> **PROVIDED ENTRIES**:
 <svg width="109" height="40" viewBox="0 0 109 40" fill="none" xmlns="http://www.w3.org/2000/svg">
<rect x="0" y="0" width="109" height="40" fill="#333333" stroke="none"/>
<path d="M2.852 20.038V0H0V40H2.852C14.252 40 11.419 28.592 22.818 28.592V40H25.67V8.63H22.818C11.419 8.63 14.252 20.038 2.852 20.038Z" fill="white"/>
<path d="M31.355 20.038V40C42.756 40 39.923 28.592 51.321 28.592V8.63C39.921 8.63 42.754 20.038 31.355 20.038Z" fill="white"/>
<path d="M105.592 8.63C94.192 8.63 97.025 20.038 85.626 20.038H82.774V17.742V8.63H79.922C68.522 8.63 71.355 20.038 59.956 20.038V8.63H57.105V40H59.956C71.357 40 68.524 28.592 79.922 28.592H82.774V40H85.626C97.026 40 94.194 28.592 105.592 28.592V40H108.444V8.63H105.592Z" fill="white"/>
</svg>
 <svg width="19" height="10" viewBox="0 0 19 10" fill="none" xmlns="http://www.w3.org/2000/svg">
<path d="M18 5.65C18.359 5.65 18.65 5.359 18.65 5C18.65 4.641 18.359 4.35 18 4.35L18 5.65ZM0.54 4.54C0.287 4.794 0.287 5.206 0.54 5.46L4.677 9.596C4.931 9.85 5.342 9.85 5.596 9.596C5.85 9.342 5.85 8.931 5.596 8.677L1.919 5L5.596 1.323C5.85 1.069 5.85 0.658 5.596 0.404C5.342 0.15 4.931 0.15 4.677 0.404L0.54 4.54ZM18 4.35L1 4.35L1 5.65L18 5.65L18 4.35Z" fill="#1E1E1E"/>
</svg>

> **WORK REQUIRED**: The records above should be repeated in full, exactly as given.

> **RESPONSE**:
 <svg width="109" height="40" viewBox="0 0 109 40" fill="none" xmlns="http://www.w3.org/2000/svg">
<rect x="0" y="0" width="109" height="40" fill="#333333" stroke="none"/>
<path d="M2.852 20.038V0H0V40H2.852C14.252 40 11.419 28.592 22.818 28.592V40H25.67V8.63H22.818C11.419 8.63 14.252 20.038 2.852 20.038Z" fill="white"/>
<path d="M31.355 20.038V40C42.756 40 39.923 28.592 51.321 28.592V8.63C39.921 8.63 42.754 20.038 31.355 20.038Z" fill="white"/>
<path d="M105.592 8.63C94.192 8.63 97.025 20.038 85.626 20.038H82.774V17.742V8.63H79.922C68.522 8.63 71.355 20.038 59.956 20.038V8.63H57.105V40H59.956C71.357 40 68.524 28.592 79.922 28.592H82.774V40H85.626C97.026 40 94.194 28.592 105.592 28.592V40H108.444V8.63H105.592Z" fill="white"/>
</svg>
 <svg width="19" height="10" viewBox="0 0 19 10" fill="none" xmlns="http://www.w3.org/2000/svg">
<path d="M18 5.65C18.359 5.65 18.65 5.359 18.65 5C18.65 4.641 18.359 4.35 18 4.35L18 5.65ZM0.54 4.54C0.287 4.794 0.287 5.206 0.54 5.46L4.677 9.596C4.931 9.85 5.342 9.85 5.596 9.596C5.85 9.342 5.85 8.931 5.596 8.677L1.919 5L5.596 1.323C5.85 1.069 5.85 0.658 5.596 0.404C5.342 0.15 4.931 0.15 4.677 0.404L0.54 4.54ZM18 4.35L1 4.35L1 5.65L18 5.65L18 4.35Z" fill="#1E1E1E"/>
</svg>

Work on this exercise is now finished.